The solution here uses scalar products of vectors. For a similar calculation using the cosine rule instead of scalar products see the problem Flight Path.

Good solutions were sent in by Thomas Lauffenberger, Angus Balkham of Bexhill College and Andrei Lazanu of School No. 205, Bucharest, Romania.

Here is Andrei's solution:

Two things are to be observed for solving this problem:

1) the angle $\alpha$ between two vectors ${\bf a}$ and ${\bf b}$ can be determined from their scalar product as follows: $$\cos \alpha = {{\bf a}.{\bf b}\over ab}$$ where a and b are the moduli of the vectors.

2) On Earth approximated with a sphere, if one knows the latitude and longitude of a point (city), the vectors with the origin in the centre of the Earth and ending in the respective city are completely determined.
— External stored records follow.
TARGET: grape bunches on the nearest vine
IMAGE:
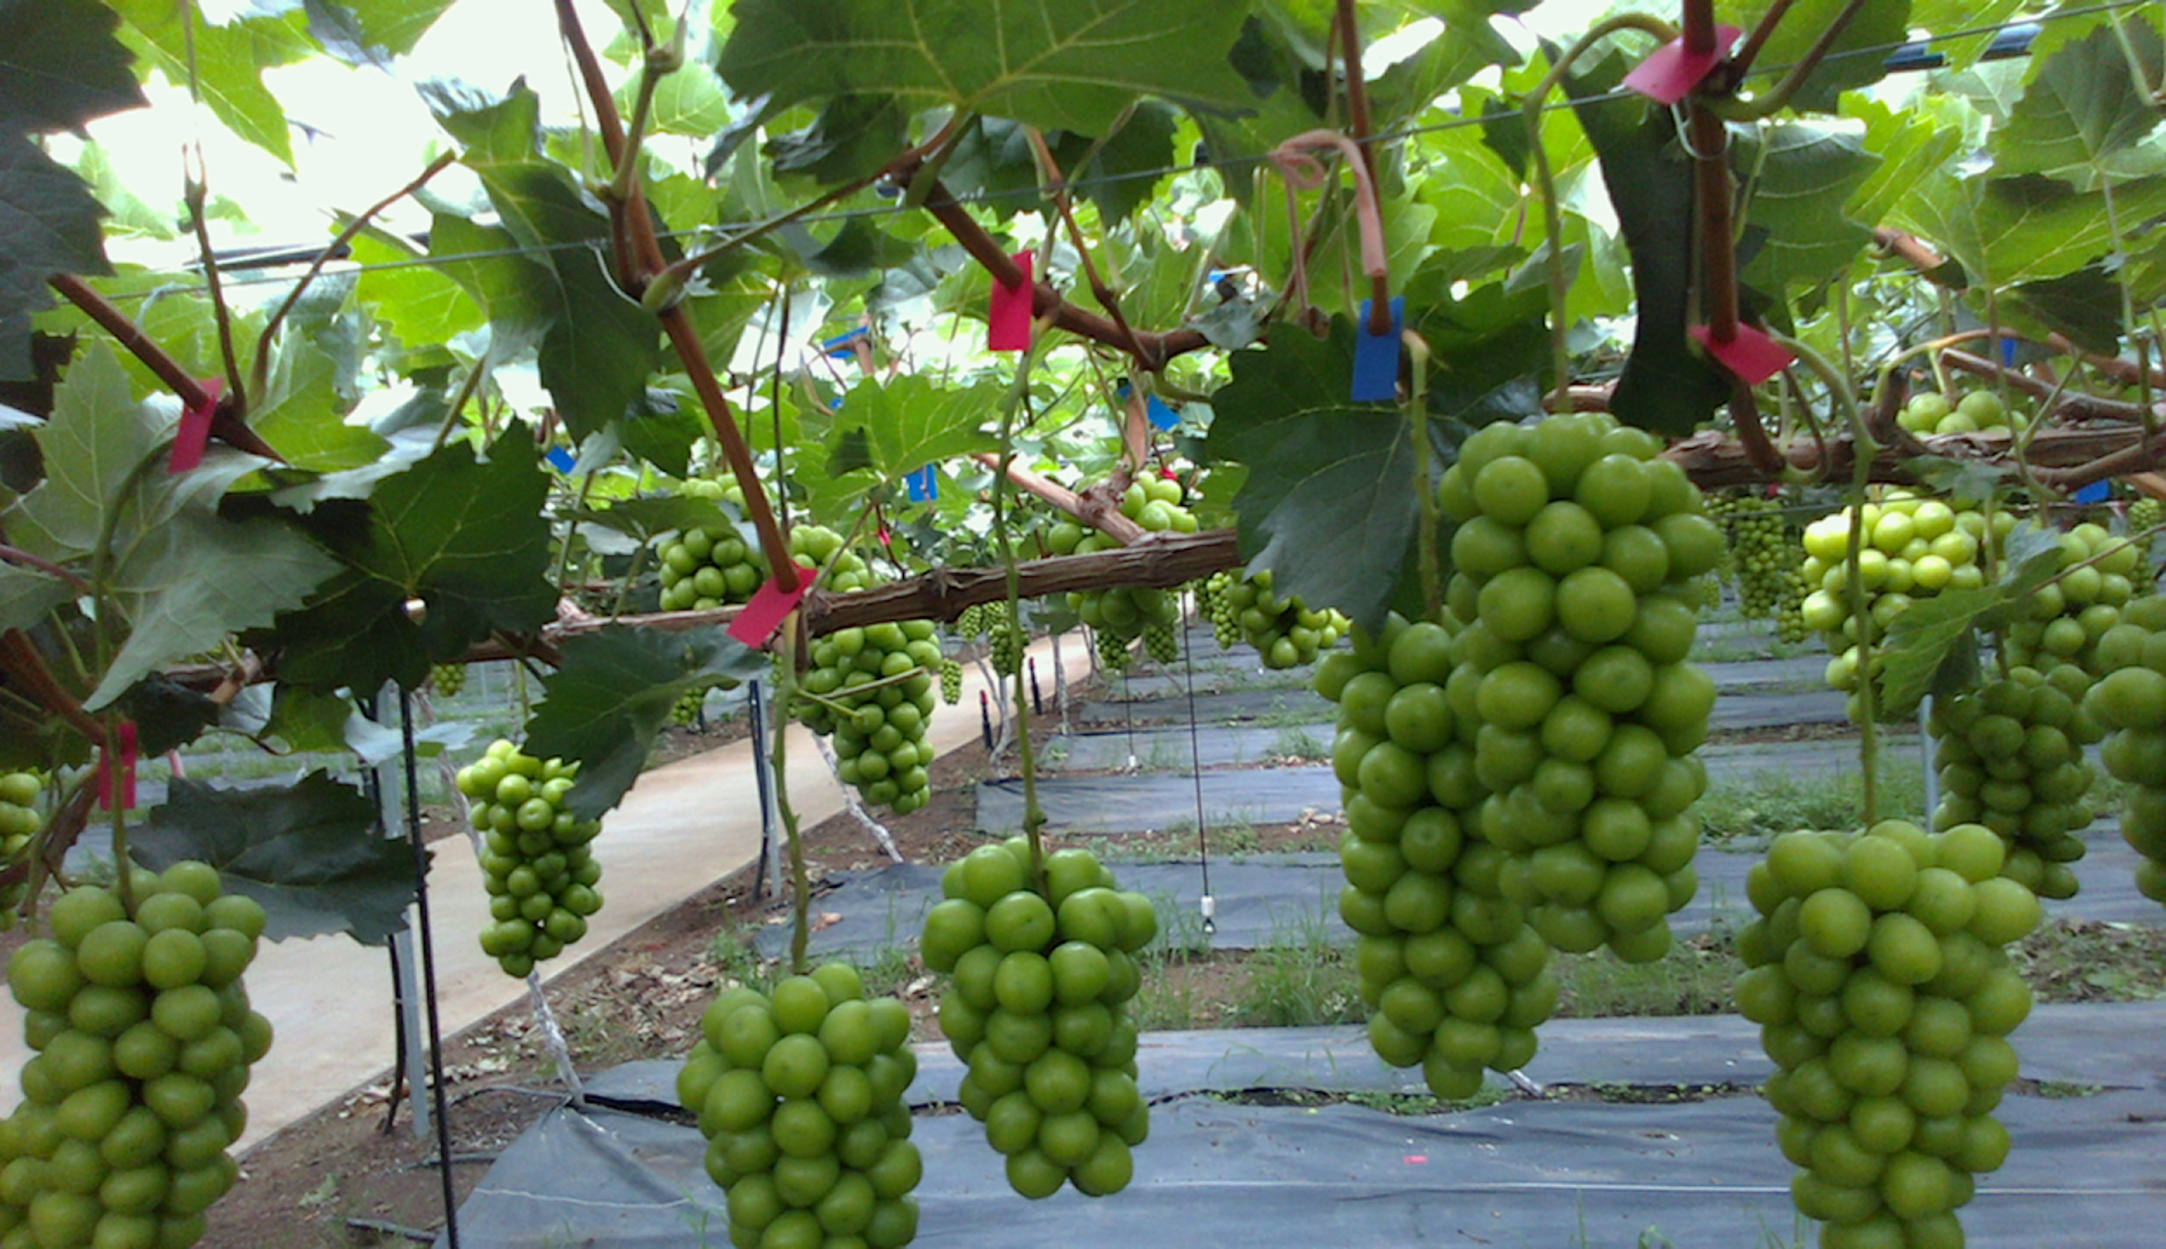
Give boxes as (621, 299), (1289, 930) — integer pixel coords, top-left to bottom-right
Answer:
(1314, 611), (1557, 1102)
(1442, 411), (1722, 965)
(0, 864), (272, 1247)
(1736, 821), (2043, 1247)
(916, 834), (1159, 1202)
(670, 961), (925, 1247)
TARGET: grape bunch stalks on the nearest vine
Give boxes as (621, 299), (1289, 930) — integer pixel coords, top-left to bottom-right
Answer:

The position on a sphere is usually described using the spherical coordinates: - the azimuthal angle, the angle in the xOy plane, and, the polar angle, from the z axis, as illustrated below:


On the sphere $r$ is fixed, and I'll first work on the unit sphere. For the problem, the azimuthal angle gives the longitude, while the polar angle is ($90^o$ - latitude).

The relation between the spherical coordinates and the Cartesian ones on the unit sphere is: $$ x=\cos \theta \sin \phi,\ y = \sin \theta \sin \phi,\ z = \cos \phi.$$ For London, angle $\theta$ is ($90^o$ - $52^o$), i.e. $38^0$ and angle $\phi$ is 0 °. So, its coordinates are: $$x_1 = \sin 38^o \cos 0^o = \sin 38^o,\ y_1 = \sin 38^o \sin 0^o = 0,\ z_1 = \cos 38^o.$$ For Cape Town angle $\phi$ is $90^o + 34^o = 124^o$ and angle $\theta$ is $18^o$. Its coordinates are: $$x_2 = \sin 56^o \cos 18^o,\ y_2 = \sin 56^o \sin 18^o,\ z_2 = \cos 124^o = -\cos 56^o.$$

The scalar product of the two vectors characterised by their Cartesian coordinates: $\vec{OA}=x_1{\bf i}+y_1{\bf j} + z_1{\bf k}$ and $\vec{OB}=x_2{\bf i}+y_2{\bf j} + z_2{\bf k}$ is $$\vec{OA}\cdot \vec{OB}= x_1x_2+y_1y_2+z_1z_2.$$ The product of the vectors corresponding to London and Cape Town is: $$\vec{OL}\cdot \vec{OC}= \sin 38^o \sin 56^o \cos 18^o - \cos 38^o \cos 56^o = 0.0447754018.$$

So, if angle $LOC$ has its cosine value 0.0447754018, then its measure is $87.43370046^o$.

Each two points of a sphere are on a big circle of the sphere, having as centre the centre of the sphere. The angle between these points is the angle determined above.

The circumference of the Earth (considering it is a sphere) is: $2\pi \times 6367$ km

This value corresponds to $360^o$. So, to the angle $87.43370046^o$ corresponds the following distance in kilometres: $${87.43370046 \over 360} \times 2\pi \times 6367 = 9716.079$$ which we round to 9716 km.

I looked in Encarta and I found that the distance between the two cities is 9689 km, so the approximation is very good.

The distance traveled by the plane is a circular arc, with radius 6373 km. Applying a similar procedure, I observe that the plane traveled 9725.2359 km.

The formula for obtaining the speed is v = d/t, where d is the distance and t - the time. So, the average speed is 884 km/h (to 3 significant figures), a value that is again reasonable.